Dimash Qudaibergen, Çinli Şarkıcı ile Benzersiz Bir Performansta İşbirliği Yaptı

Kazak pop starı Dimash Qudaibergen ve Çinli şarkıcı Gong Linna, Kazak ve Çin şarkılarının vokal kombinasyonunu -“Phoenix” ve “Karatorgai”- Şubat 15’te BR TV’de yayınlanan Beijing Merkez Ekseni İçin Şarkılar projesinde sundu. DimashNews.com’un bildirdiğine göre, 2024 yılının sonlarında kaydedilen program, Beijing’deki Temple of Earth ve Zhengyici Peking Opera Tiyatrosu’nda yapılan performansları içeriyordu. Kazak geleneksel enstrümanı qobyz (Kazak telli çalgısı) ve Çin sheng (ağız orgu) eşliğinde, ritmik temeli oluşturan tangu davullarıyla örülen sanatçılar, kültürlerine ait efsaneleri canlandırdılar.
Gong Linna’nın “Phoenix” adlı şarkısı, eski Çin metinlerine dayanıyor ve Phoenix İmparatoru’nun hikayesini anlatıyor. Efsaneye göre, imparator bugünkü Myanmar’daki bir dağdan Çin’in Dan Mağarası’na 500 mil seyahat etti ve çok renkli tüyleri ve gizemli yazıları olan bir kuşun yaşadığı bu mağaraya ulaştı. Eski halk buna Feng Huang adını verdi ve onu kuşların kralı olarak saygı gösterdi.
Feng Huang genellikle uzak dağlarda kalır, kendi ritmiyle şarkı söyler ve dans ederdi. Yeryüzüne indiğinde, barışı, uygun hava koşullarını ve kuraklıklara son vermesi beklenirdi. Tüy tacıyla yapılan Phoenix İmparatorun Dansı, yıldızları onurlandıran bir ritüeldi. Barış, refah ve ilahi güzellik sembolü olan Phoenix, Ejderha ile birlikte Çin kültüründe ruhani totemlerden biri olarak kalır.

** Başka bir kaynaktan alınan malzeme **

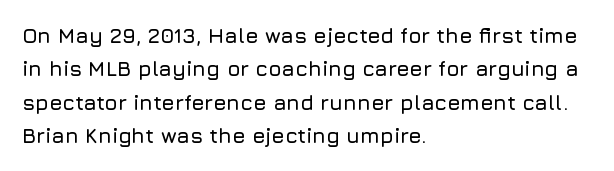
{"italic": "no", "underline": "no", "align": "left", "line_spacing": "normal", "line_spacing_ratio": 1.59, "letter_spacing": "normal", "letter_spacing_em": 0.0, "glyph_px": 21}
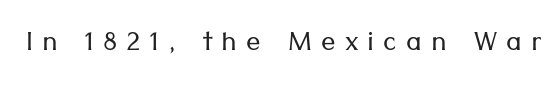
{"serif": "no", "italic": "no", "bold": "no", "weight": "light", "width": "normal", "stroke_contrast": "low", "x_height": "medium", "monospaced": "no", "underline": "no", "letter_spacing": "wide", "letter_spacing_em": 0.25, "glyph_px": 36}

Efsanevi kuş, horozun başına, kırlangıcın boğazına, yılanın boynuna, kaplumbağanın sırtına, balığın kuyruğuna ve vücudundaki desenlerle ejderhayı andırıyordu. “Phoenix” kelimesi, Çince’de erkek ve kadın enerjilerini temsil eden iki hece ile oluşur ve genellikle uyumlu ve mutlu bir evlilik için kullanılır.
Kazakçada Karatorgai, “siyah serçe” anlamına gelir ve zoolojik olarak yaygın bir ardıç kuşunu ifade eder. Ancak, Kazak şair ve besteci Akan Seri tarafından yazılan Karatorgai şarkısı, yetiştirdiği bir yavru altın kartal olan Karatorgai’in hikayesini anlatır.
Hayvanlara dair derin bir anlayışıyla tanınan Akan Seri, en iyi atlar, tazılar ve kuşları ayırt edebilirdi. Savaşçı Alibek Batyr’ın evinde bir altın kartal yavrusu gördüğünde onu yetiştirmesini talep etti.
Karatorgai birçok yıl boyunca usta bir avcıydı, ancak yaşlandıkça gücü azaldı. Eski zamanlarda zarif bir şekilde inmesine yardımcı olan kuyruğundaki gür tüyler seyreldi. İniş yapmakta zorlanan kartal, gökyüzünde dönerek süzülmeye devam etti, ancak yorgunluk onu ele geçirdi. Zamanla, Karatorgai yaşlandı, büzüldü ve serçe kadar küçüldü.